Data items:
◇ ◇ ◇ ◇

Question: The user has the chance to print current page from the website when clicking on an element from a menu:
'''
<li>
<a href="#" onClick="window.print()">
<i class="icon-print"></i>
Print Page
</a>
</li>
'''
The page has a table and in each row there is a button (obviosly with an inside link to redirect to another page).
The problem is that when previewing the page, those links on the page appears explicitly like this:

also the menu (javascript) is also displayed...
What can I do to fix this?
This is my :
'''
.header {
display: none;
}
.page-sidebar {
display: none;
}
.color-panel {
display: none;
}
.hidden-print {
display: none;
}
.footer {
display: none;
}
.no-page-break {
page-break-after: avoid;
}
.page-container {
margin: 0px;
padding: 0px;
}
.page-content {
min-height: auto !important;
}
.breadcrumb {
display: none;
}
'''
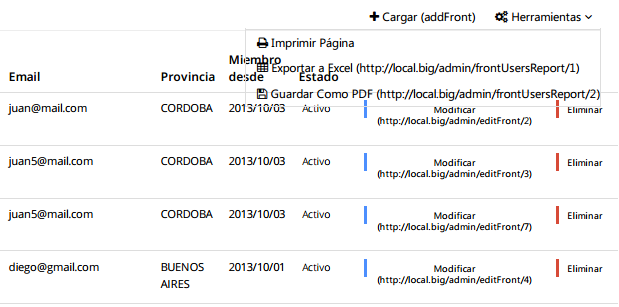
Answer: I've been researching and found out that as the dropdown menu that i want to hide when printing is in a list, then i should use this:
'''
.dropdown-menu li {
display: none;
}
'''
and for hidding links:
'''
a[href]:after {
content: none !important;
}
'''
so now i got it right :)
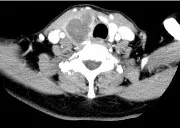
Computed tomography of the neck on admission (day X + 5) also reveals a low-density lesion in the right thyroid gland, 37 x 37 x 42 mm in size with enhancement in the marginal area (b).
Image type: radiology (ct)
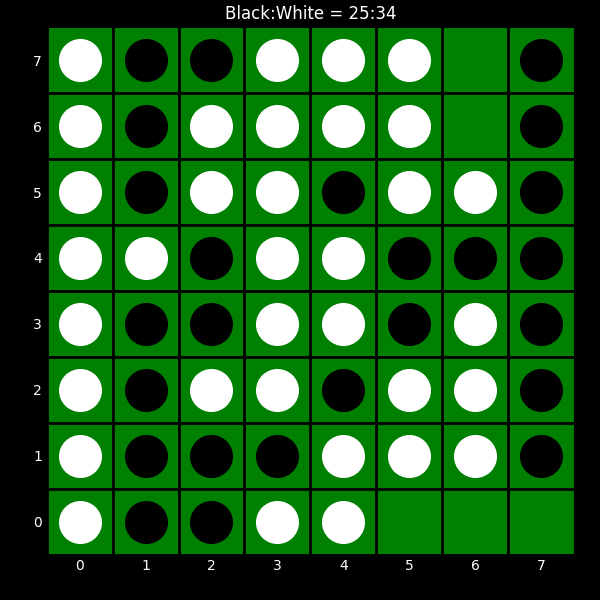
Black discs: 25
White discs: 34
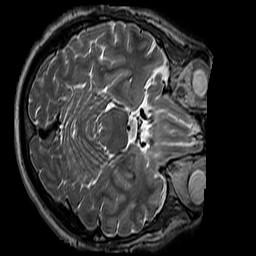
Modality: T2w
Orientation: axial
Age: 46
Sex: male
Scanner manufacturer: siemens
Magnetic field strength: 3 T
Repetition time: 3.2 s
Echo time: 0.212 s
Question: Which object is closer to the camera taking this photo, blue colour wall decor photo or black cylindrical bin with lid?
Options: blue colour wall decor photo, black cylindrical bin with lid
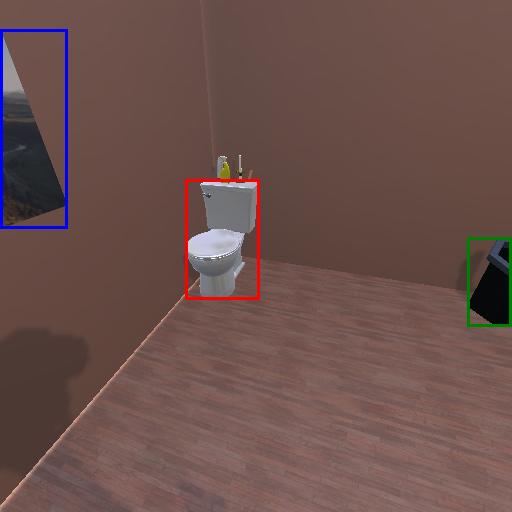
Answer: blue colour wall decor photo
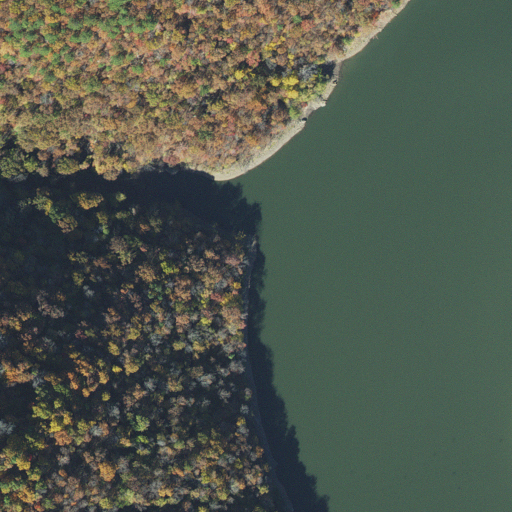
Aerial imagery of valley in Arkansas named Stewart Hollow containing deciduous forest, open water, mixed forest, and grassland
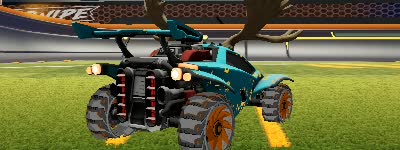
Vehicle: octane
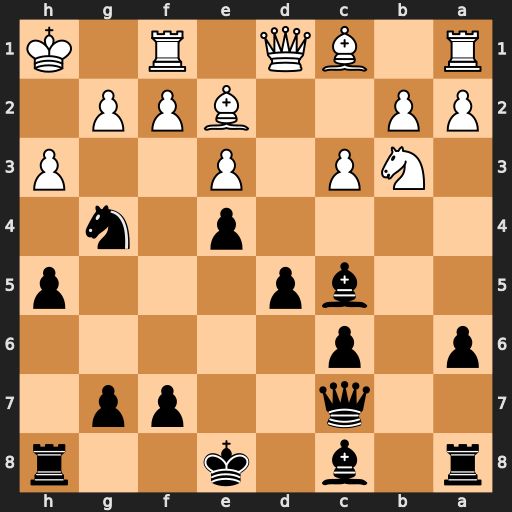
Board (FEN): r1b1k2r/2q2pp1/p1p5/2bp3p/4p1n1/1NP1P2P/PP2BPP1/R1BQ1R1K
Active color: b
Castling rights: kq
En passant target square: -
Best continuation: Qh2#
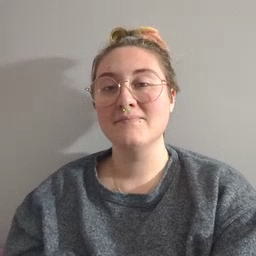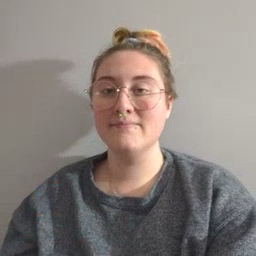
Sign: pen
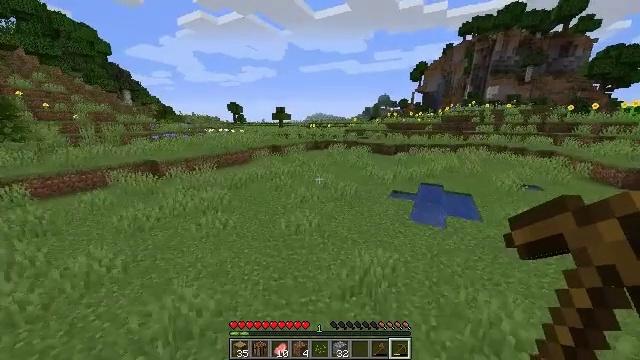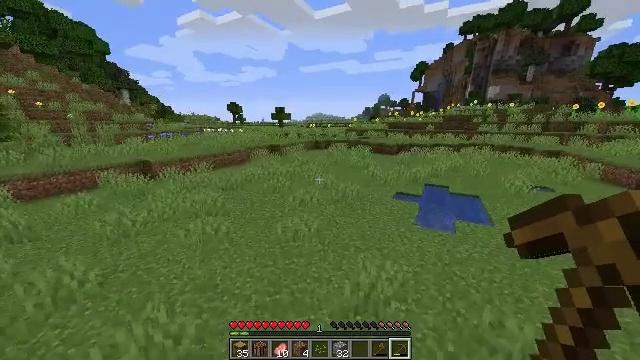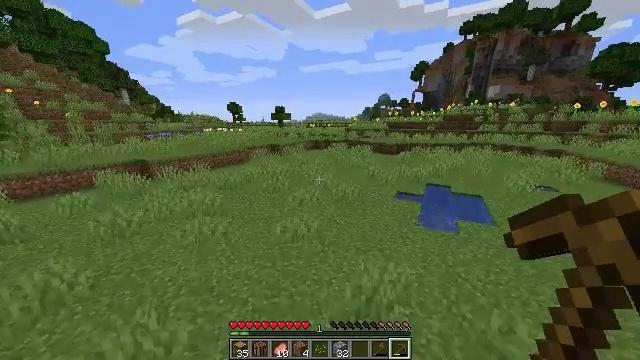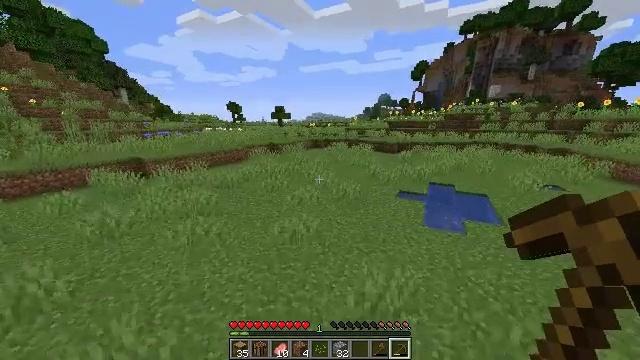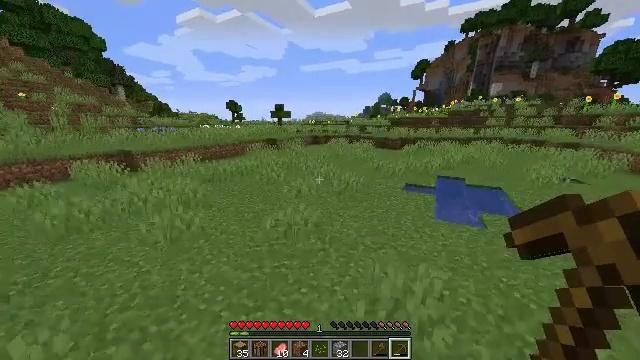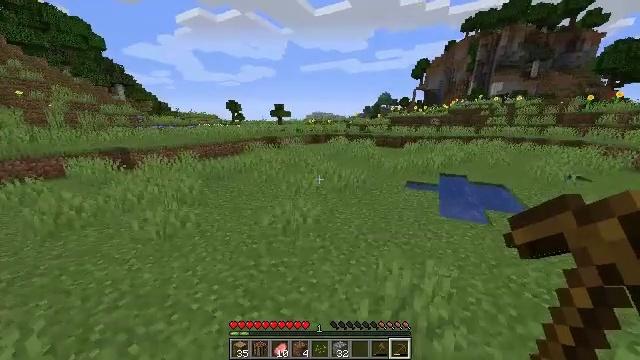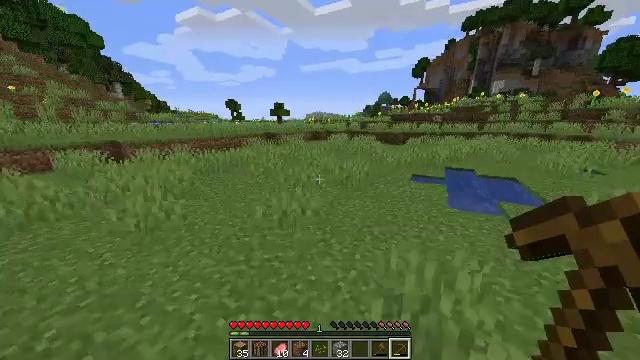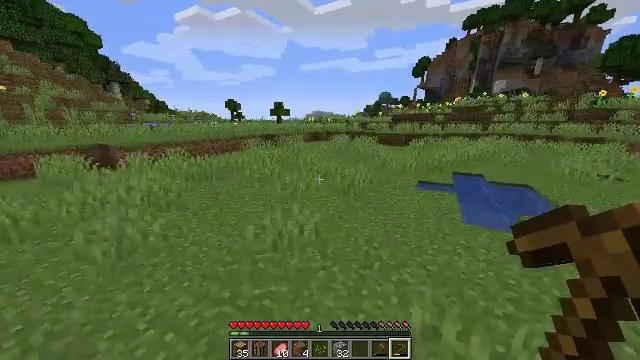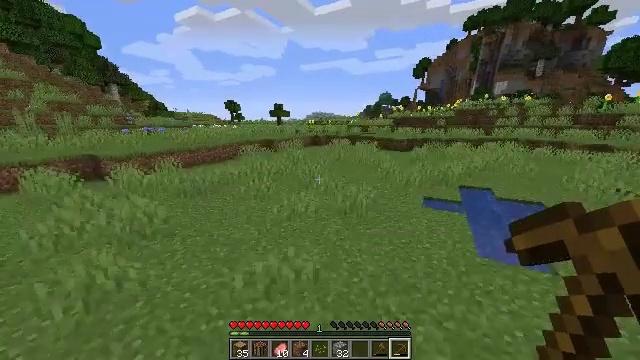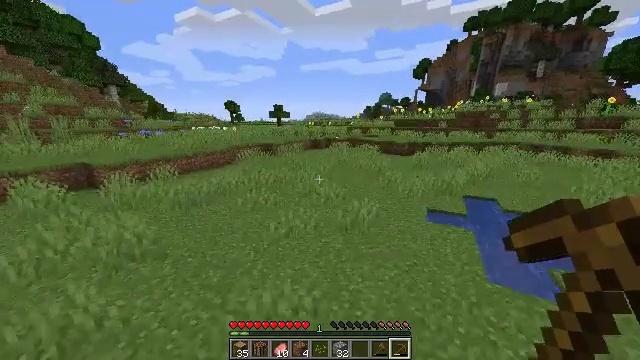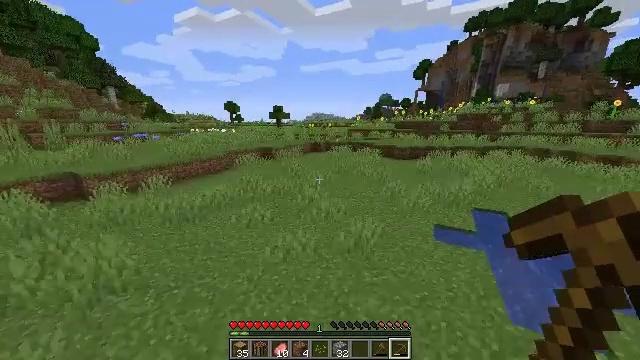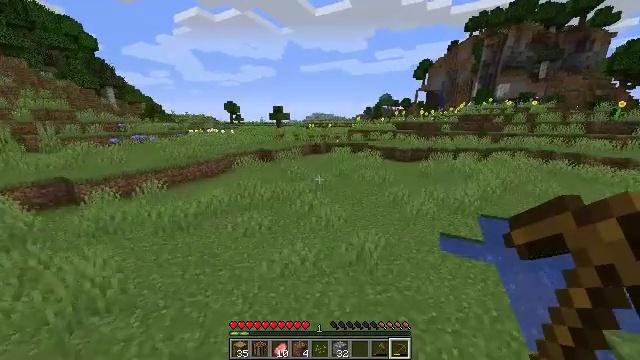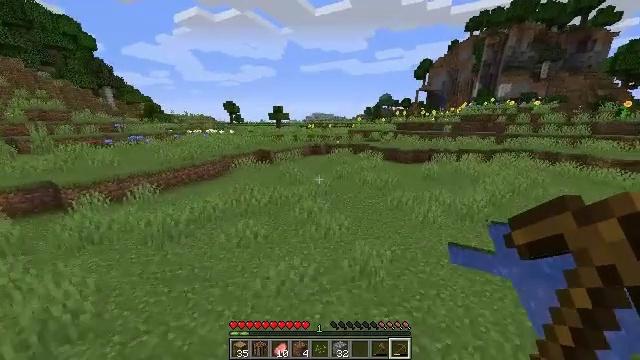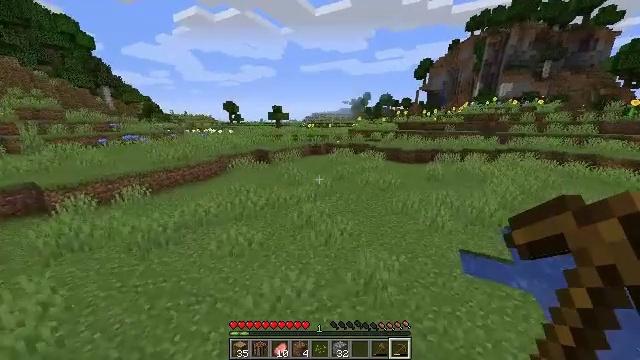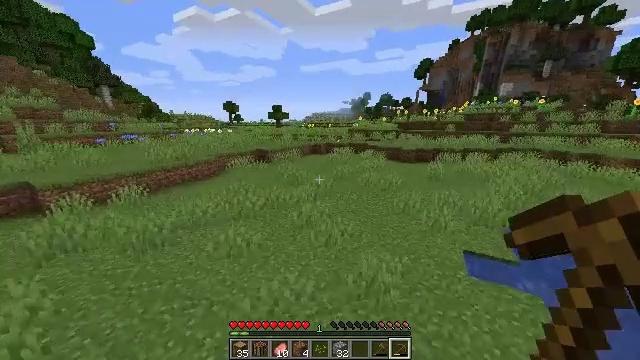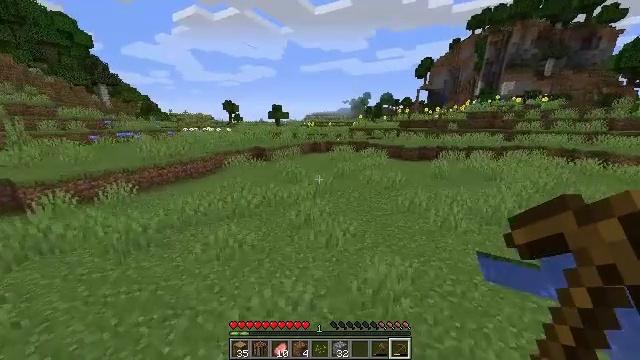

◇ ◇ ◇ ◇

**TASK DETAILS**:
Transcribe the span of lines that runs from the line with "Scanner manufacturer: siemens" to the end of the data, both ends included, exactly, with nothing else and no pictures.

**REPLY**:
Scanner manufacturer: siemens
Magnetic field strength: 3 T
Repetition time: 3.2 s
Echo time: 0.212 s
Question: Which object is closer to the camera taking this photo, blue colour wall decor photo or black cylindrical bin with lid?
Options: blue colour wall decor photo, black cylindrical bin with lid
Answer: blue colour wall decor photo
Aerial imagery of valley in Arkansas named Stewart Hollow containing deciduous forest, open water, mixed forest, and grassland
Vehicle: octane
Board (FEN): r1b1k2r/2q2pp1/p1p5/2bp3p/4p1n1/1NP1P2P/PP2BPP1/R1BQ1R1K
Active color: b
Castling rights: kq
En passant target square: -
Best continuation: Qh2#
Sign: pen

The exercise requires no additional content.